Stimulus package

A UChicago feast for the senses.

This morning, like most Sundays, I sipped coffee to the harmonious reverberations of the Rockefeller Chapel carillon. On any given day in the neighborhood, UChicago Medicine helicopters chuff overhead, while on the ground an ever-growing flotilla of campus shuttles squeak to their stops and rev again. This time of year, birds sing and leaves rustle under the scampering of that alternate school mascot, Sciurus carolinensis (aka the eastern gray squirrel).

Two features in this issue got me thinking about signature sounds of UChicago, past and present. “Some Drum” recounts a tragicomic chapter in the century-plus-long life of the world’s largest drum, with its singular boom. And “Sounds Reborn” traces the continuing story of the UChicago Folk Festival, from opening bagpipes to closing applause, and a bit of the lore attached to it.

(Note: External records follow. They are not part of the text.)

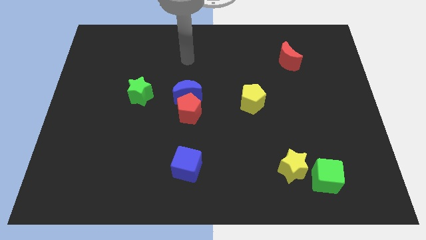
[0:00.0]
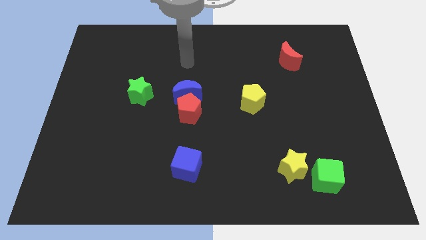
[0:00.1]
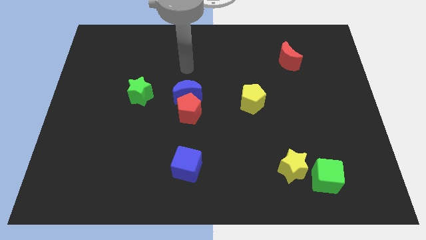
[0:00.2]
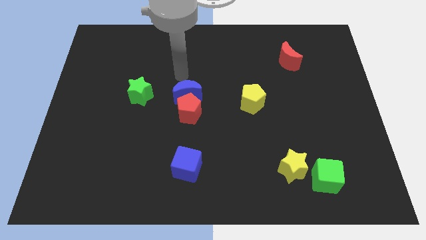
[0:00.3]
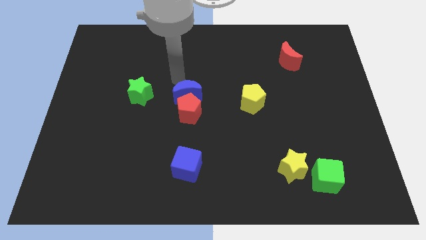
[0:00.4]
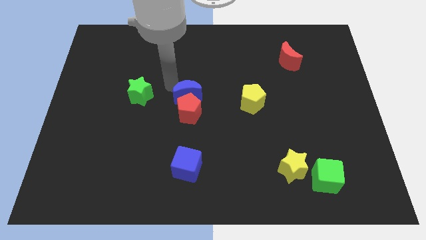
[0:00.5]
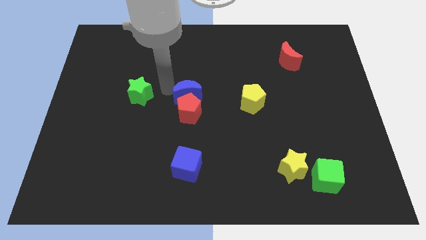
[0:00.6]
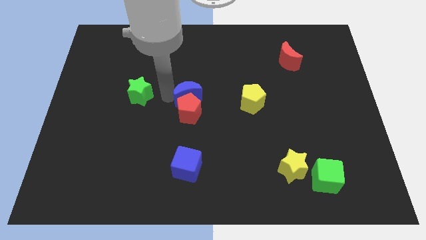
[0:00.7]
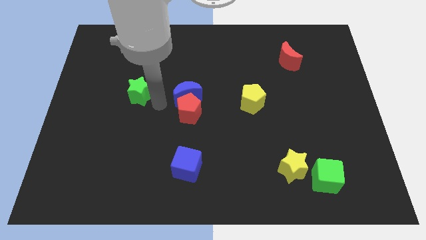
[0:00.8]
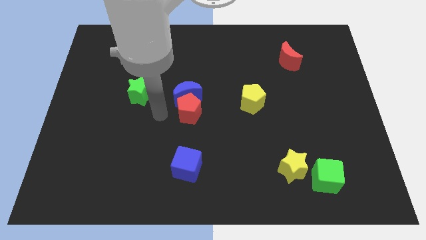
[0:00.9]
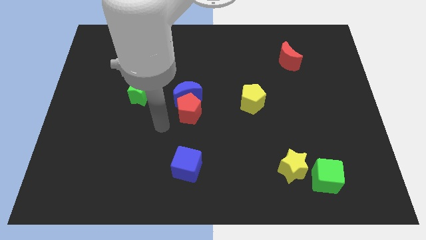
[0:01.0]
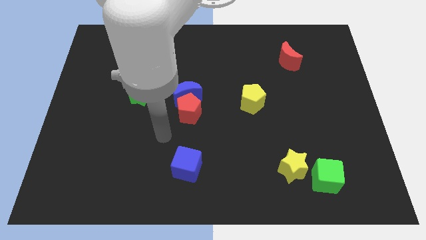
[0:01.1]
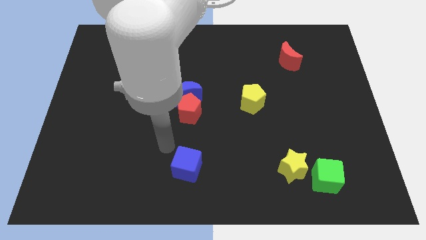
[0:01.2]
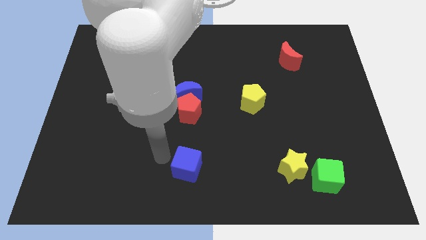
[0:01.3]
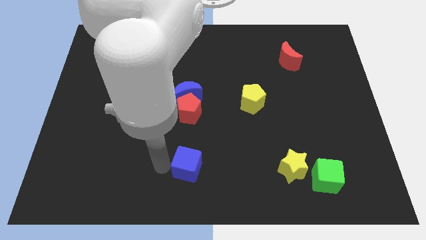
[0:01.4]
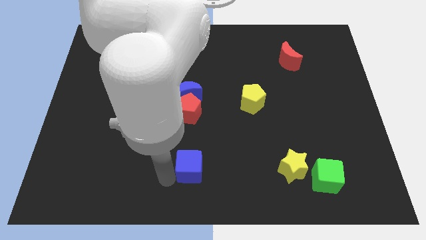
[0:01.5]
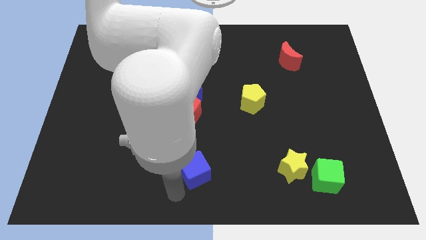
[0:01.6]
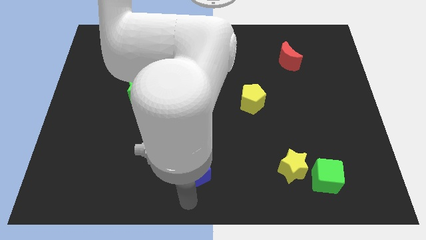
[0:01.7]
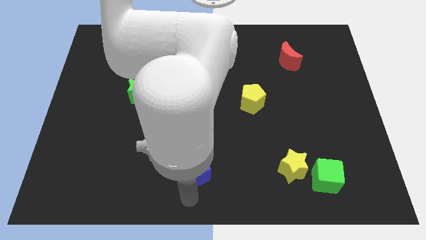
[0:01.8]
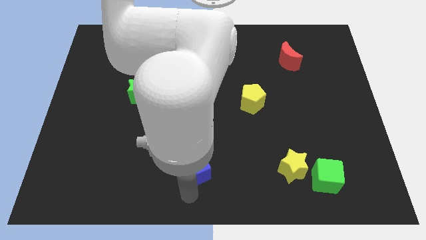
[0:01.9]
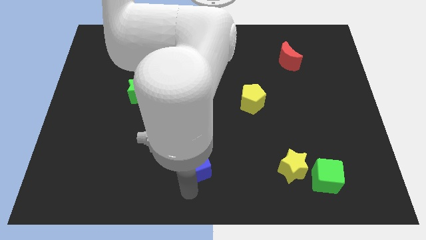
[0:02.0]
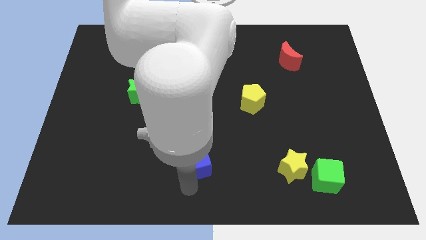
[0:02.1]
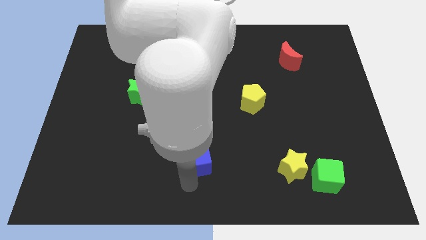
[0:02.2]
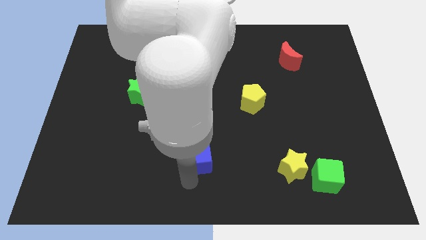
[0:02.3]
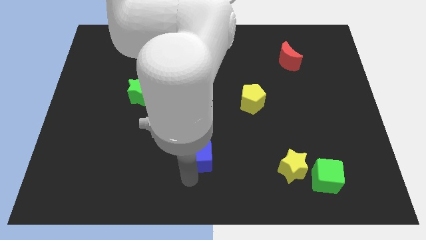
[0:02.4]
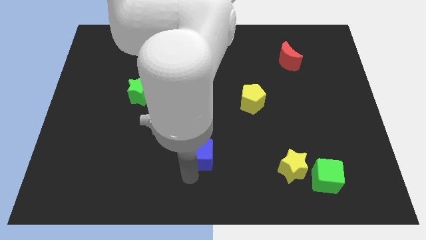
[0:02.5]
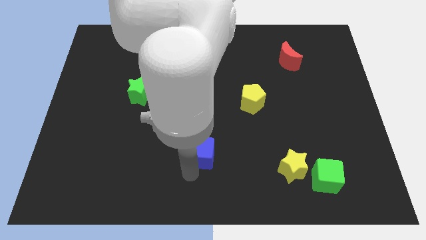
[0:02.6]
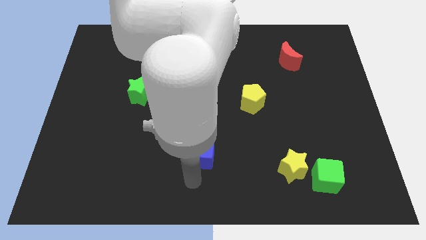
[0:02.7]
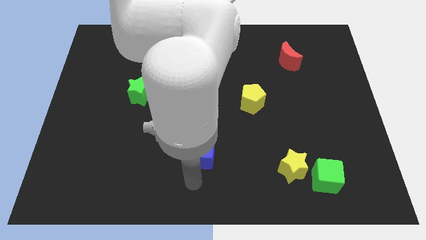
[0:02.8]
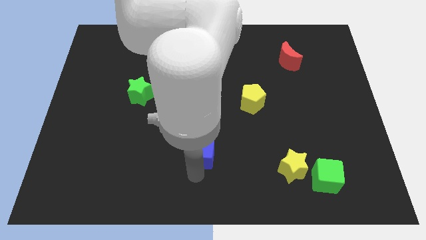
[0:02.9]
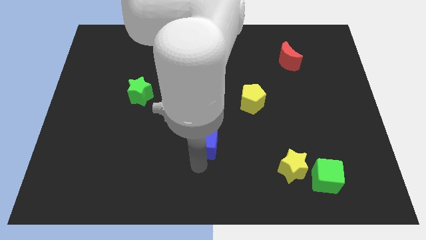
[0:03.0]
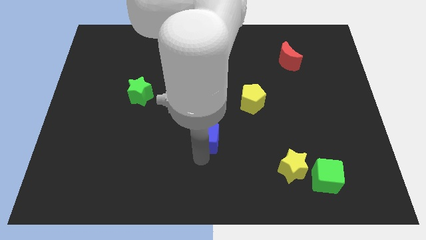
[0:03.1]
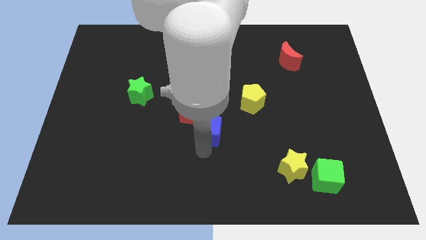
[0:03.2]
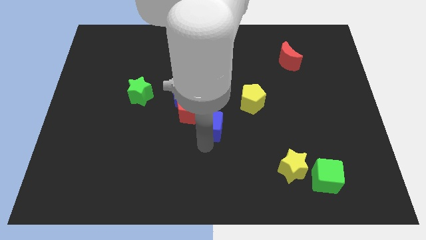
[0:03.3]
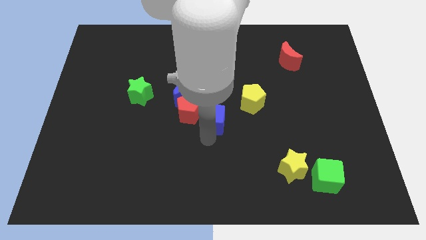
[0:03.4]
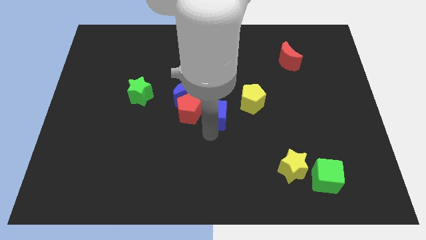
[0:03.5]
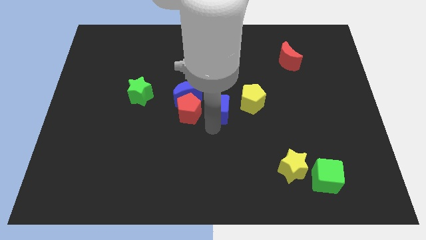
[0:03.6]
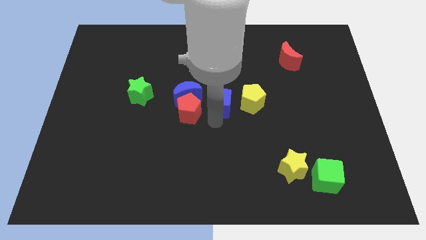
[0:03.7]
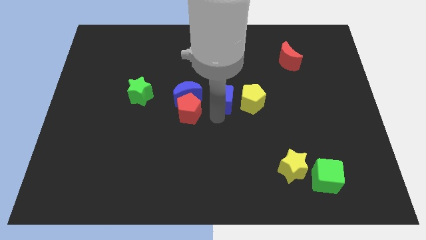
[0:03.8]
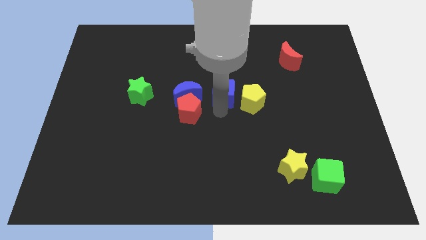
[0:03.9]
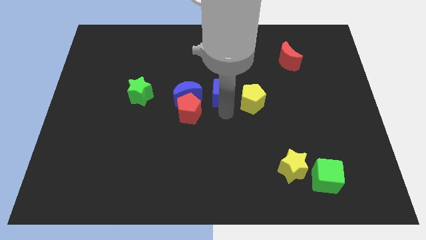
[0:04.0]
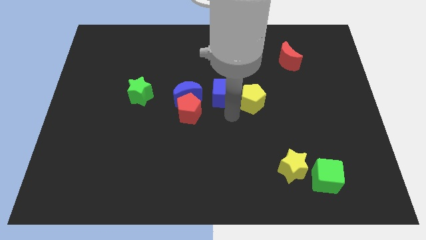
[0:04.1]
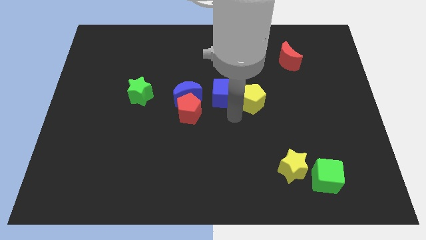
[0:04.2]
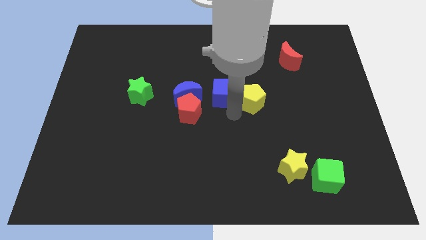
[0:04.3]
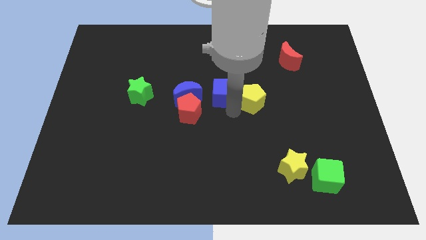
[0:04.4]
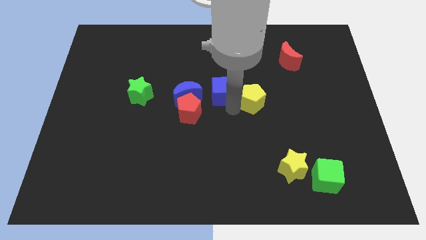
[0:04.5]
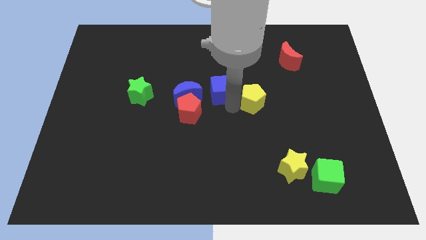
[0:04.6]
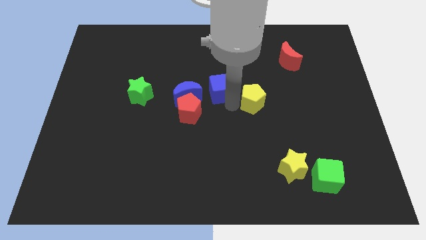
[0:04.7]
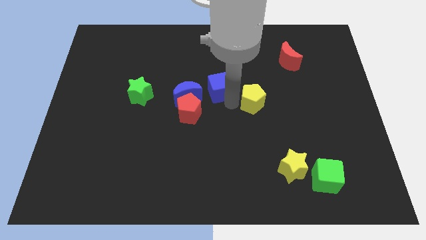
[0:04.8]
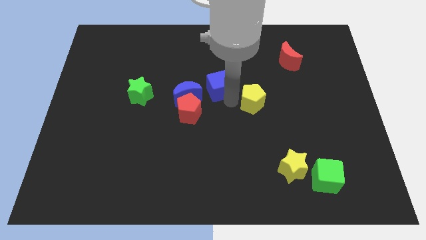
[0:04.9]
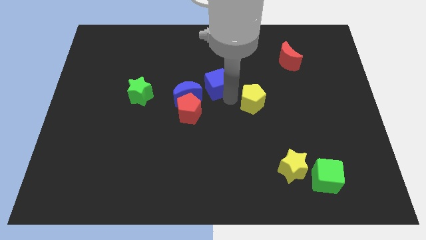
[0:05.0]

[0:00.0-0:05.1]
slide the blue cube upwards

What sounds, sights, smells, textures, or tastes serve as your own Proustian reminders of the University? You may find some evoked in this very issue: delicate pages in an aging book, or the heft of a whole stack lugged to a Regenstein carrel. Period costumes at a University Theater performance, or the hairspray cloud hanging backstage. The buzz and toastiness of coffee being ground and brewed in a campus hangout, or buttery flakes of Medici pastry. A ska and soul band playing in a basement, or Bach emanating from a neighboring dorm room.

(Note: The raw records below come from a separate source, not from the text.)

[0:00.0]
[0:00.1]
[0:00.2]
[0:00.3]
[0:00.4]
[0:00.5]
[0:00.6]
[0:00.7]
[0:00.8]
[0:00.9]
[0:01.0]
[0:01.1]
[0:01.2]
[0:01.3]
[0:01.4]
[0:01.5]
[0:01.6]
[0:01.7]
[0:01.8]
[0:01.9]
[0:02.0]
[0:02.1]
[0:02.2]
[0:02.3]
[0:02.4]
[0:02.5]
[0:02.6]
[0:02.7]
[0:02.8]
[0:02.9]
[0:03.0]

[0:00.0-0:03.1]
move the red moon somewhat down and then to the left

Look for those within, then reach out to let us know what sensory memory moves you at uchicago-magazine@uchicago.edu.

Fitting tributes

As this issue went to press, the UChicago community came together to celebrate John W. Boyer, AM’69, PhD’75, who will take on a new role at the University after more than three decades leading—and transforming—the College. So profound is the native South Sider’s influence on the institution and its students that Mayor Lori Lightfoot, JD’89, declared Friday, April 21, 2023, to be John W. Boyer Day in Chicago.

Three days later, word came that the University’s new Paris center will be the John W. Boyer Center in Paris, named for its greatest champion. Boyer, a premier historian of the Habsburg Empire and of the University of Chicago, spoke to the Magazine for “Peerless.” Joining all who made the Chicago and Paris tributes possible, we thank him, for everything.